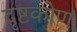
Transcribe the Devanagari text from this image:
दृष्टकोण
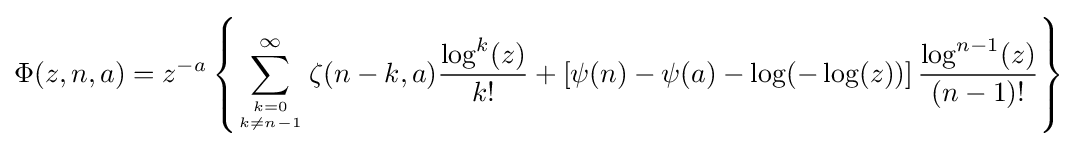
\Phi (z,n,a)=z^{-a}\left\{\sum _{{k=0} \atop k\neq n-1}^{\infty }\zeta (n-k,a){\frac {\log ^{k}(z)}{k!}}+\left[\psi (n)-\psi (a)-\log(-\log(z))\right]{\frac {\log ^{n-1}(z)}{(n-1)!}}\right\}
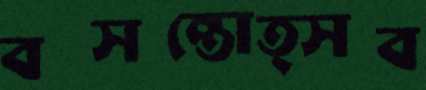
বসন্তোত্সব
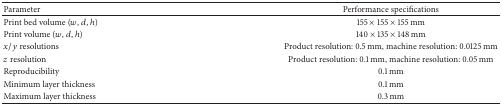
<table><thead><tr><td><b>Parameter</b></td><td><b>Performance specifications </b></td></tr></thead><tbody><tr><td>Print bed volume (<i>w</i>, <i>d</i>, <i>h</i>)</td><td>155 × 155 × 155 mm</td></tr><tr><td>Print volume (<i>w</i>, <i>d</i>, <i>h</i>)</td><td>140 × 135 × 148 mm</td></tr><tr><td><i>x</i>/<i>y</i> resolutions</td><td>Product resolution: 0.5 mm, machine resolution: 0.0125 mm</td></tr><tr><td><i>z</i> resolution</td><td>Product resolution: 0.1 mm, machine resolution: 0.05 mm</td></tr><tr><td>Reproducibility</td><td>0.1 mm</td></tr><tr><td>Minimum layer thickness</td><td>0.1 mm</td></tr><tr><td>Maximum layer thickness</td><td>0.3 mm</td></tr></tbody></table>
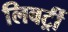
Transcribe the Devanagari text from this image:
लिबर्ट्री
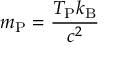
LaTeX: m _ { \mathrm { P } } = { \frac { T _ { \mathrm { P } } k _ { \mathrm { B } } } { c ^ { 2 } } }
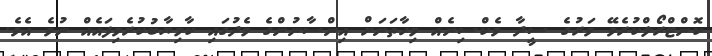
ކޮންޓްރޯލްކުރެވޭ ވަރުގެ ސީދާ ވެކްސިނެއް މިހާތަނަށް އިންސާނުންގެ މެދުގައި ކާމިޔާބުކުރެވިފައެއް ނުވެ އެވެ.
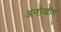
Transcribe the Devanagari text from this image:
अनोखीच
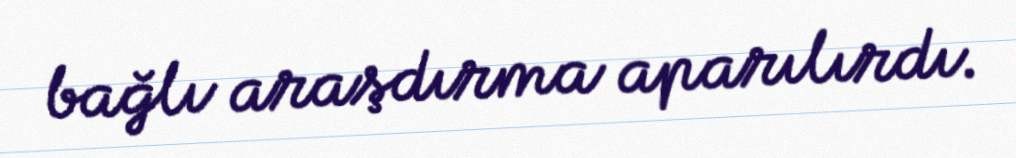
bağlı araşdırma aparılırdı.
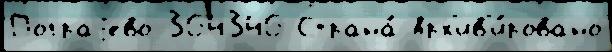
Пограjево 364346 Страна́ Арх'ив'и́ровано
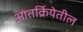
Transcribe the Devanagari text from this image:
आंतर्क्रियेतील
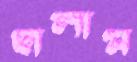
ছালাম
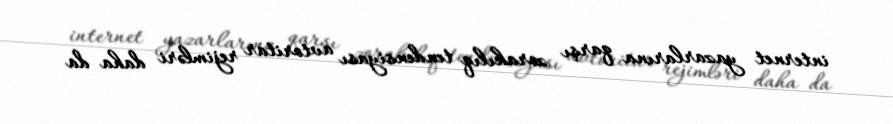
internet yazarlarına qarşı zorakılıq tendensiyası avtoritar rejimləri daha da
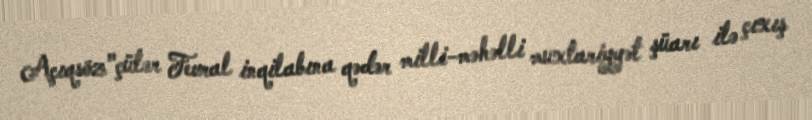
Açıqsöz"çülər Fevral inqilabına qədər milli-məhəlli muxtariyyət şüarı ilə çıxış
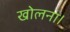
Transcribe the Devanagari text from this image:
खोलना।
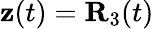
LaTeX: {\mathbf z}(t)={\mathbf R}_{3}(t)
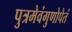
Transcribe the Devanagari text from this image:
पुत्रमेवंगुणोपेतं
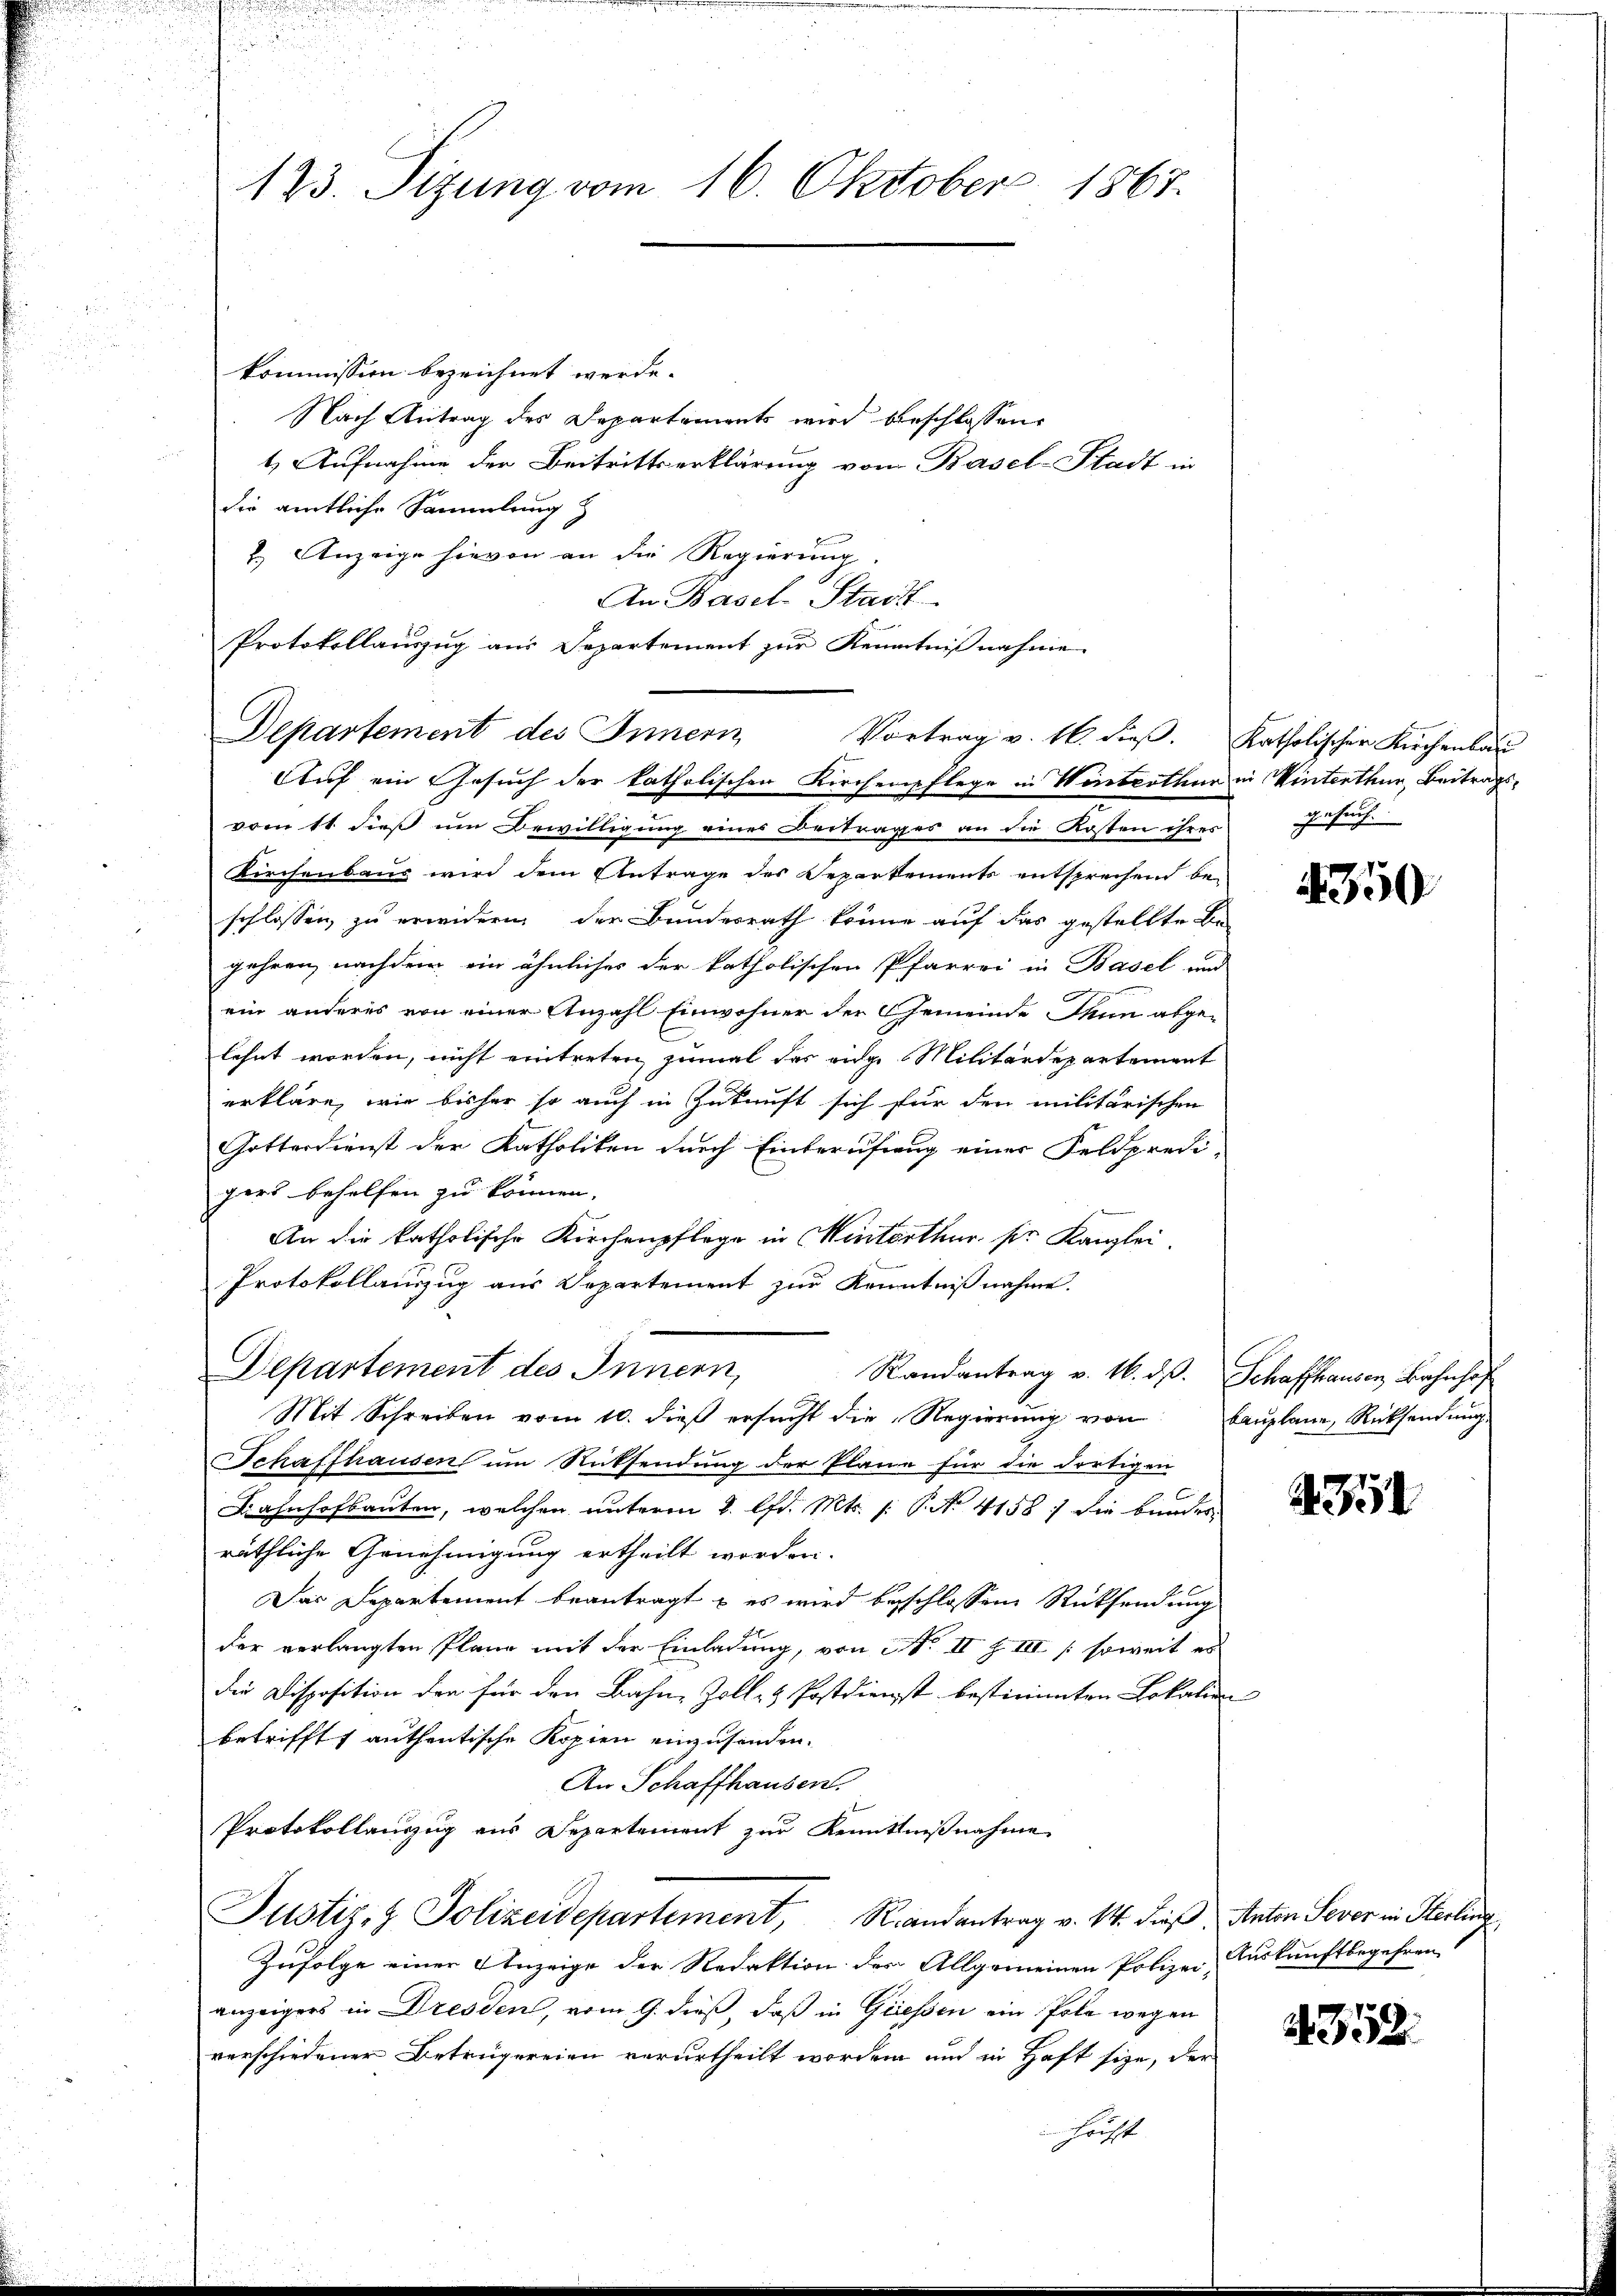
kommission bezeichnet werde.
Nach Antrag des Departements wird beschlossen,
t. Aufnahme der Beitrittserklärung von Basel-Stadt in
die amtliche Sammlung
2.) Anzeige hievon an die Regierung.
Departement des Innern
Auf ein Gesuch der katholischen Kirchenpflege in Winterthur in Winterthur, Beitragsvom 11. dieß um Bewilligung eines Vertrages an die Kosten ihres
Kirchenbaus wird dem Antrage des Separtements entsprechend be-
schlossen zu erwidern der Bundesrath könne auf das gestellte Be-
gehren, nachdem ein ähnliches der katholischen Pfarrei in Basel und
ein anderes von einer Anzahl Einwohner der Gemeinde Thun abgelehnt worden, nicht eintreten, zumal das eidge Militärdepartement
erkläre, wie bisher so auch in Zukunft sich für den militärischen
Gotterdienst der Katholiken durch Einberufung einer Feldpredi-
gers behelfen zu können,
An die katholische Kirchenpflege in Winterthur pr. Kanzlei-
Protokollauszug aus Departement zur Kenntnißnahme.
Departement des Innern,
Randantrag v. 16. ds. Schaffhausen Bahnhof
Mit Schreiben vom 10. dieß ersucht die Regierung von
Schaffhausen um Rücksendung der Pläne für die dortigen
Bahnhofbauten, welchen unterm 2. lfd. Mts. 1. P. No 4158) die bundes-
räthliche Genehmigung ertheilt worden.
Das Departement beantragt, es wird beschlossene Rücksendung
der verlangten Plane mit der Einladung, von No II S. III (soweit es
die Disposition den für den Bahn, Zoll- & Postdienst bestimmten Lokalien
betrifft, authentische Kopien einzusenden.
An Schaffhausen.
Protokollauszug aus Departement zur Kenntnißnahme
Justiz- & Polizeidepartement, Randantrag v. M. dieß. Anton Sever in Sterling
Zufolge einer Anzeige der Redaktion der Allgemeinen Polizei- Auskunftbegehren
anzeigers in Dresden, vom 9. dieß, daß in Giessen ein Pola wegen
verschiedener Betrügereien verurtheilt worden und in Haft sie, der
 höchst

123. Sizung vom 16. Oktober 1867.

An Basel Stadt
Protokollauszug aus Departement zur Kenntnißnahme.
Vortrag v. 16. dieß.

Katholischer Kirchenbau
gesuch.

350

Bauplane, Rücksendung

4351

4352
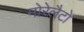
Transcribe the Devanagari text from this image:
मोरेलैटो
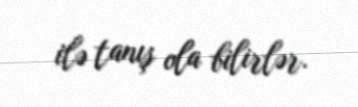
ilə tanış ola bilirlər.
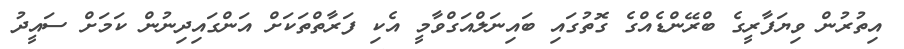
އިތުރުން ވިޔަފާރީގެ ބްރޭންޑެއްގެ ގޮތުގައި ބައިނަލްއަގްވާމީ އެކި ފަރާތްތަކަށް އަންގައިދިނުން ކަމަށް ސައީދު
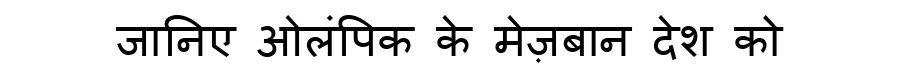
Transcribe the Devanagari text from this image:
जानिए ओलंपिक के मेज़बान देश को
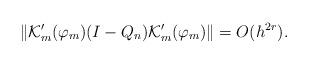
LaTeX: \begin{align*}\| \mathcal {K}_m' (\varphi_m) (I - Q_n) \mathcal {K}_m' (\varphi_m) \| = O (h^{2 r}).\end{align*}
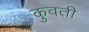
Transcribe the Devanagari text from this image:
कुवती
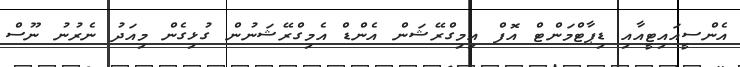
އެންސީއައިޓީއާއި ޑިޕާޓްމަންޓް އޮފް އިމިގްރޭޝަން އެންޑް އެމިގްރޭޝަނުން ގުޅިގެން މިއަދު ނެރުނު ނޫސް
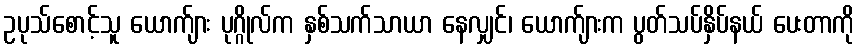
ဥပုသ်စောင့်သူ ယောက်ျား ပုဂ္ဂိုလ်က နှစ်သက်သာယာ နေလျှင်၊ ယောက်ျားက ပွတ်သပ်နှိပ်နယ် ပေးတာကို
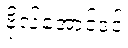
ဗိုလ်အောင်ဒင်
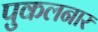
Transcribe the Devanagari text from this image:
पुकलनार
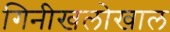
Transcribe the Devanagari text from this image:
गिनीखलोखाल

────

About this exercise: Note every line in the material with "Basel" and copy it.

Response to this task:
t. Aufnahme der Beitrittserklärung von Basel-Stadt in
gehren, nachdem ein ähnliches der katholischen Pfarrei in Basel und
An Basel Stadt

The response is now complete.